For more detailed information on rules themselves, see the glossary.

Analysis:

  • New functionality for detection rules, allowing rules with many possible repeated elements (e.g. transAT-PKS) to extend further away from other required components
  • New NRPS/PKS domains, including Interface and IBH_Asp domains which improve confidence in NRPS modules involving multiple genes
  • New activity predictions for NRPS condensation domains (see the full list for details)
  • Updated the TFBS module with new binding sites based on the CollectTF database
  • Updated ClusterCompare database to MIBiG 4.0
  • Updated Clusterblast known database to MIBiG 4.0
  • Updated the CompaRiPPson database to MIBiG 4.0
  • Improved ClusterCompare scoring of references for which only a single gene match is present
  • Included NRPS/PKS modules containing CoA-ligase domains in polymer predictions
  • Improved merging of multi-gene Type I PKS modules
  • Improved detection of lanthipeptide precursors
  • Updated Pfam version to 35.0, with matching GO mappings updated to 2023-07-05 release

Output:

  • Removed Clusterblast SVG output files due to file sizes and counts.

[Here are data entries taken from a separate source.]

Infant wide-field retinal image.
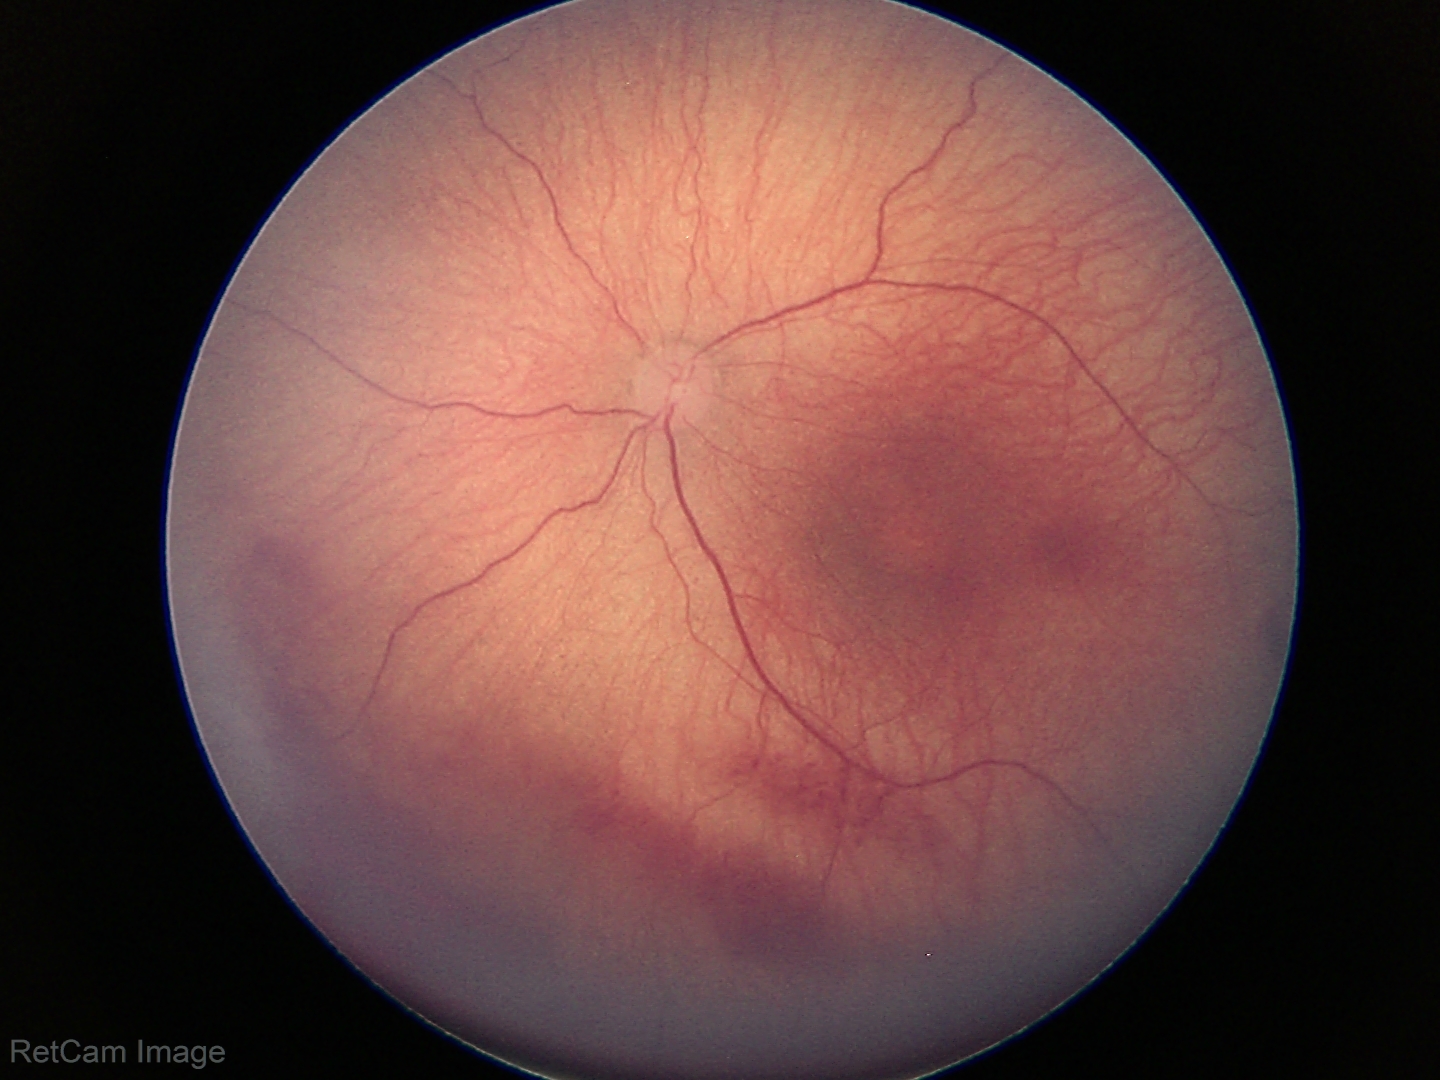

Impression: retinopathy of prematurity stage 1.
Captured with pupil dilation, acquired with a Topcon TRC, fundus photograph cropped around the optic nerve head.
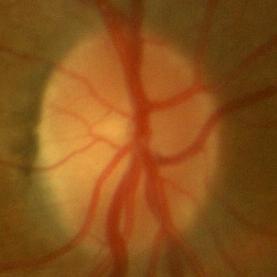 There is evidence of no glaucomatous findings.
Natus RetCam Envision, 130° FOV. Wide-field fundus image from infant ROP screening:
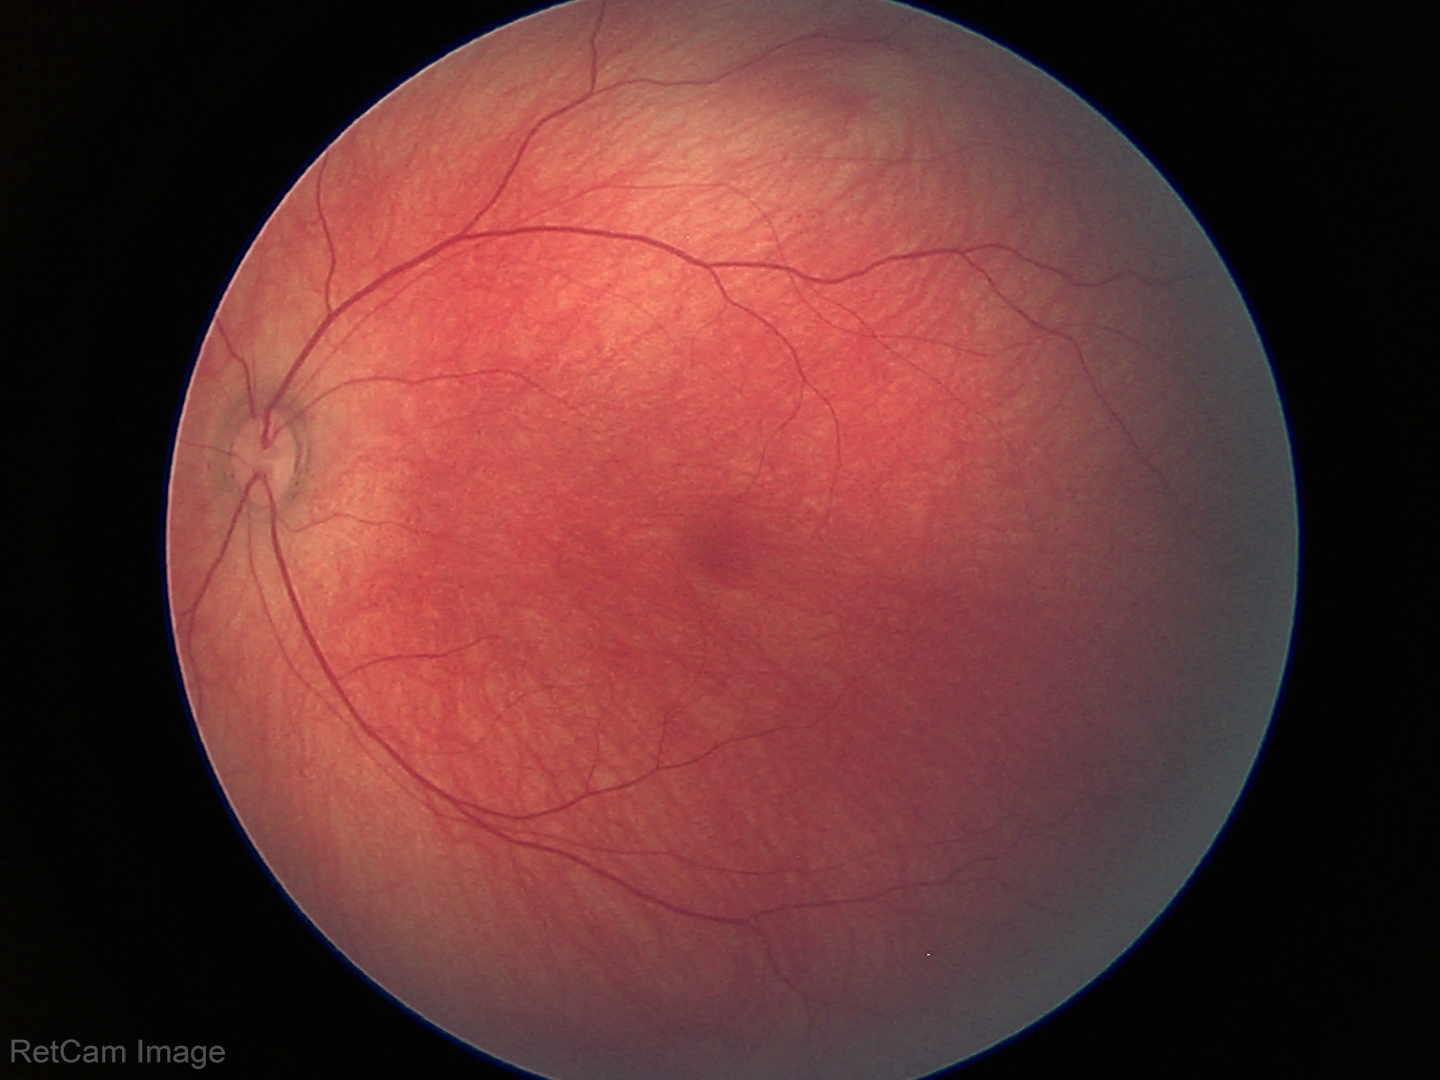
Screening: no abnormal retinal findings.

The equivalent functionality is present in the HTML visualisation, from where individual SVGs can be exported.
  • Removed Clusterblast results from Genbank output file annotations
  • Added additional results and information to JSON output

Visualisation:

  • Added links to submit an antiSMASH-database BLAST query for each gene's details view
  • Replaced quantitative cluster similarity metric on main overview page with a qualitative value
  • Added links out to PARAS, another adenylation domain substrate predictor, have been added to NRPS domain tooltips
  • Improved interactivity of ClusterBlast SVGs, at the same time removing the many generated SVG files
  • Improved visualisation of CompaRiPPson results
  • Improved visualisation of sactipeptide and lassopeptide precursor sequences

Other:

Fixes and small changes#

Analysis:

  • Changed protocluster-to-region ClusterCompare scoring for regions with a single protocluster to match that of region-to-region comparisons
  • Fixed an issue leading to lassopeptide precursor detection being too generous
  • Changed rule categories for larylpolyenes and PUFAs
  • Changed ladderane rule to be more specific
  • Changed the neighbourhood range of NI-siderophores to be wider in order to cover all of the known clusters

Input handling:

  • Added support for reusing previous results compressed with bzip2
  • Added handling of inputs with extremely long gene names to prevent crashing in third-party dependencies, however it is strongly recommended to avoiding annotating genes in this way
  • Added an absolute limit to contig identifiers which would cause output filenames to have lengths longer than operating systems support
  • Improved error messages for some types of input errors
  • Improved auto-generation of gene naming when genefinding to avoid some issues in HTML output

Output:

  • Added parent record annotations to per-region Genbank output files, including "source" features, if present

Visualisation:

  • Removed NCBI genomic context links by default, due to being non-functional for non-NCBI inputs (NOTE: enabled on the webservice for inputs fetched directly from the NCBI)
  • Removed links to the defunct SEARCHGTr website

Other:

  • Modified some command line arguments to be explicitly disabled as well as enabled (e.g. --verbose and --no-verbose)
  • Improved performance, particularly for multi-contig inputs
  • Added graceful exiting on keyboard interrupt

Numerous other small changes and fixes were made internally, for a full list see the git shortlog.